### Exercise instructions
The answer is an exact repeat of the entries below, with the pictures omitted.

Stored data
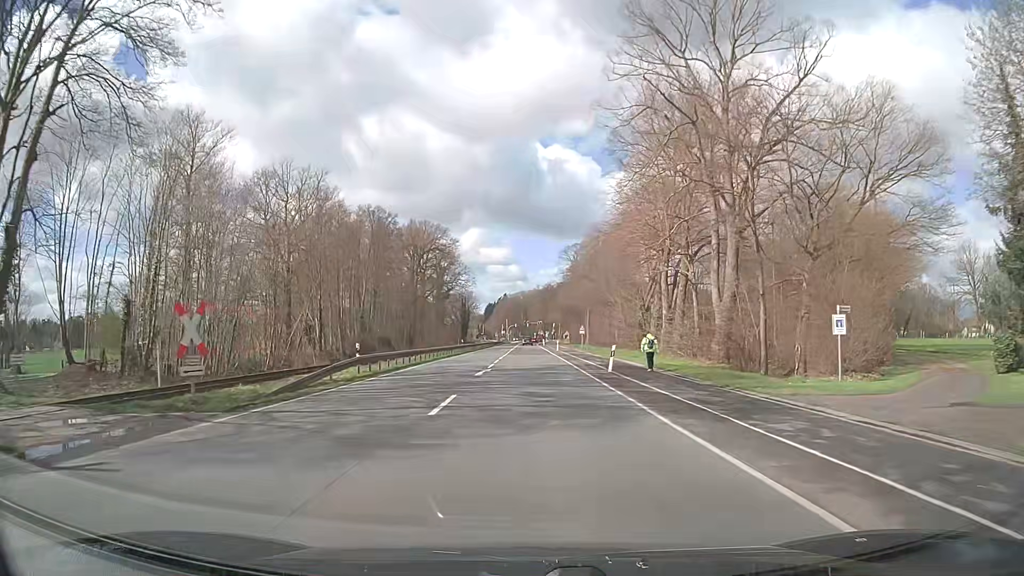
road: primary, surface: asphalt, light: Day
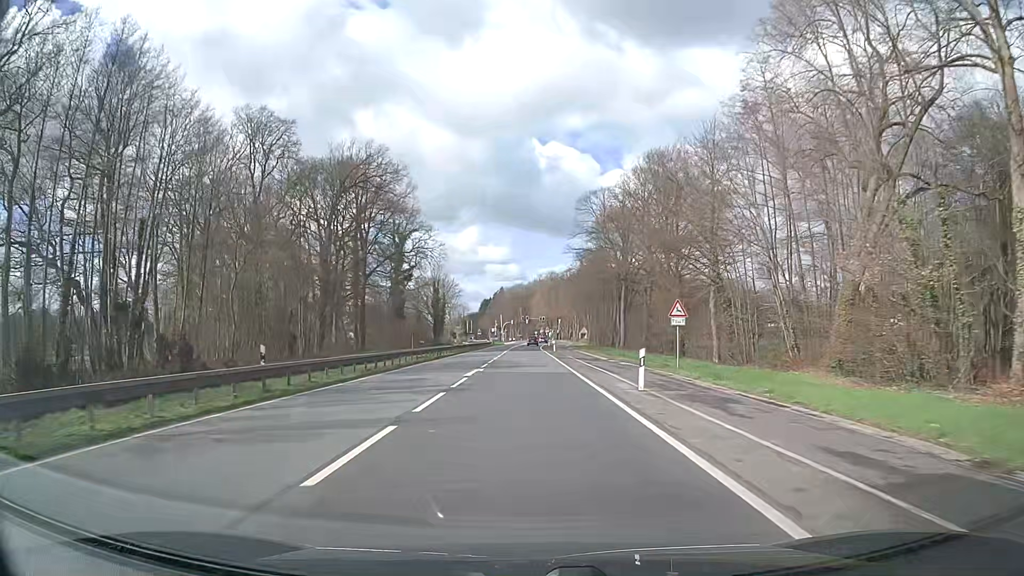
(+0.1, +53.9) m; 0°
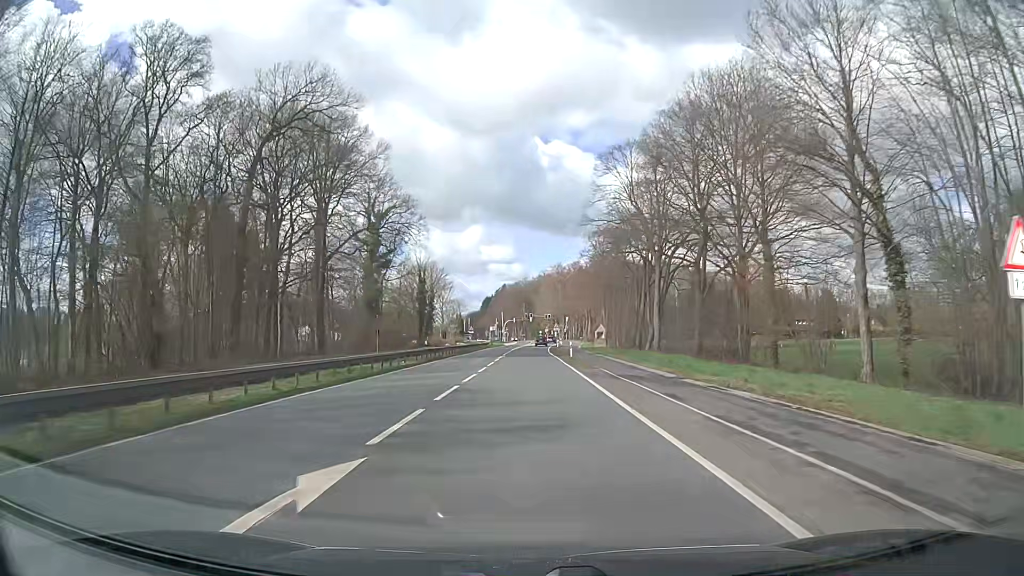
(0.0, +21.6) m; 0°
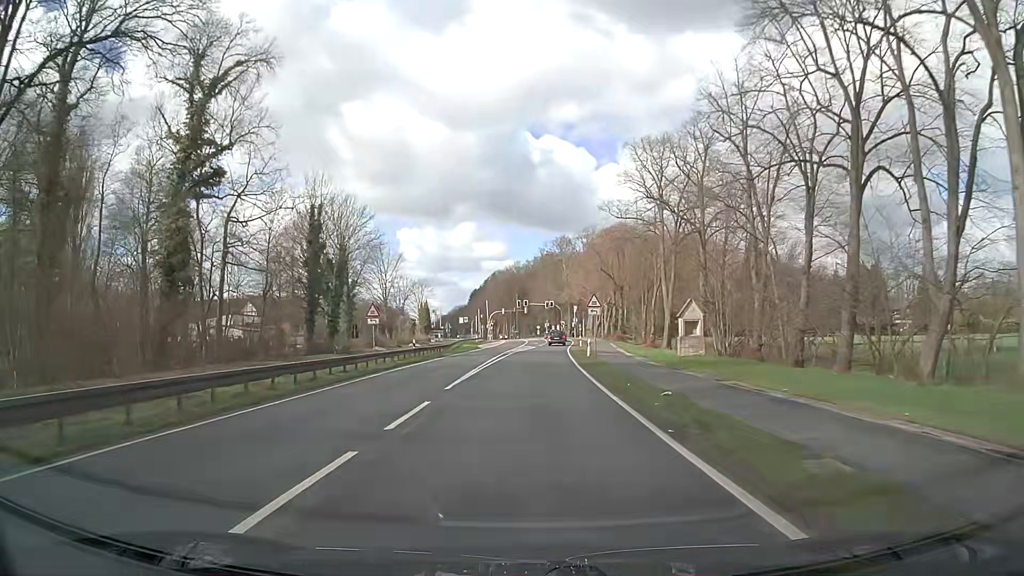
(+0.1, +54.0) m; +1°
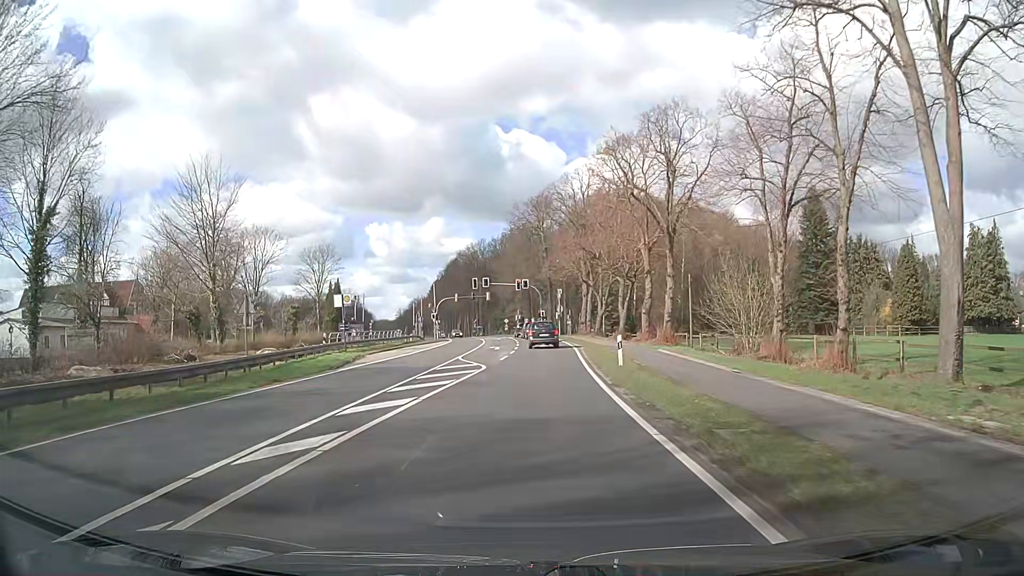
(+0.9, +43.9) m; +2°
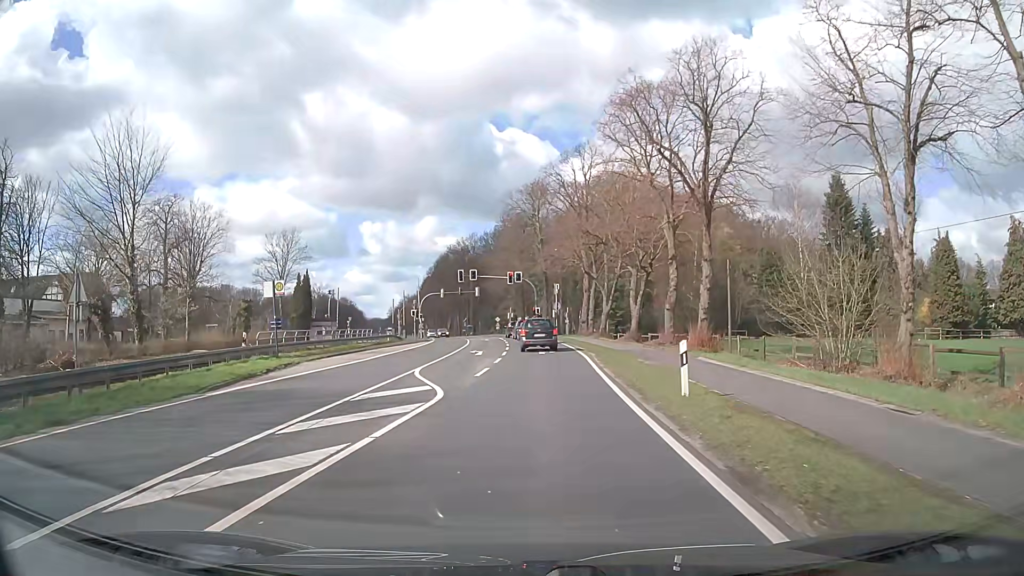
(0.0, +9.8) m; 0°
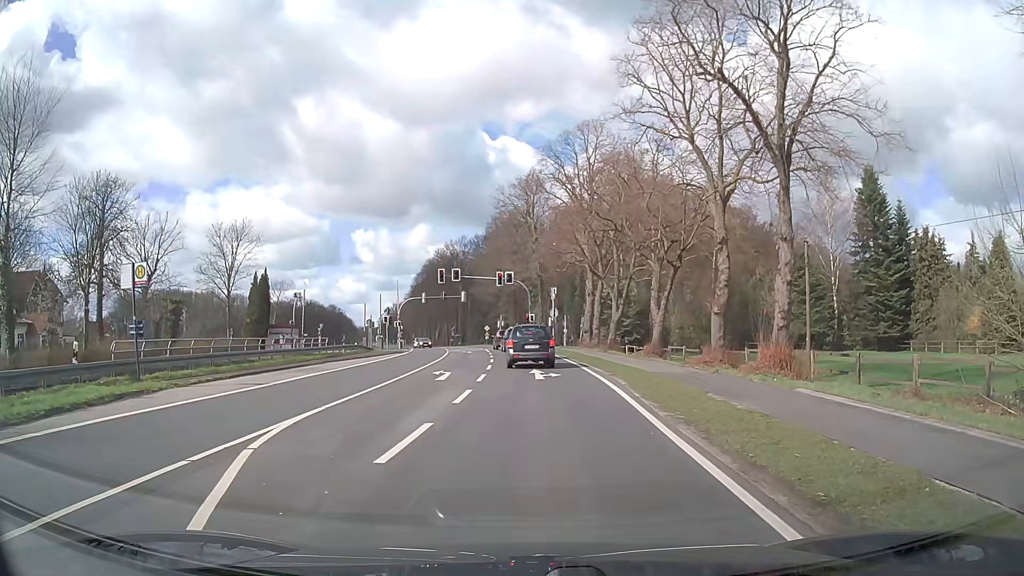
(+0.1, +10.8) m; +1°
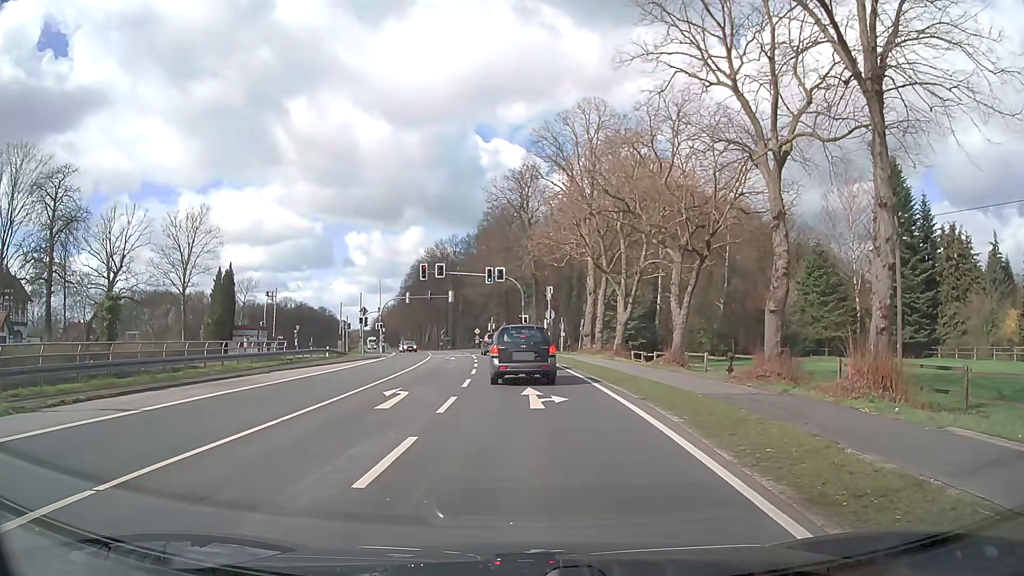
(-0.1, +7.1) m; 0°
(0, +10) (0, +20) (0, +30) (-1, +40) (-2, +50) (-3, +60) (-4, +70) (-5, +80) (-7, +89) (-10, +99) m

### Answer to the problem
road: primary, surface: asphalt, light: Day
(+0.1, +53.9) m; 0°
(0.0, +21.6) m; 0°
(+0.1, +54.0) m; +1°
(+0.9, +43.9) m; +2°
(0.0, +9.8) m; 0°
(+0.1, +10.8) m; +1°
(-0.1, +7.1) m; 0°
(0, +10) (0, +20) (0, +30) (-1, +40) (-2, +50) (-3, +60) (-4, +70) (-5, +80) (-7, +89) (-10, +99) m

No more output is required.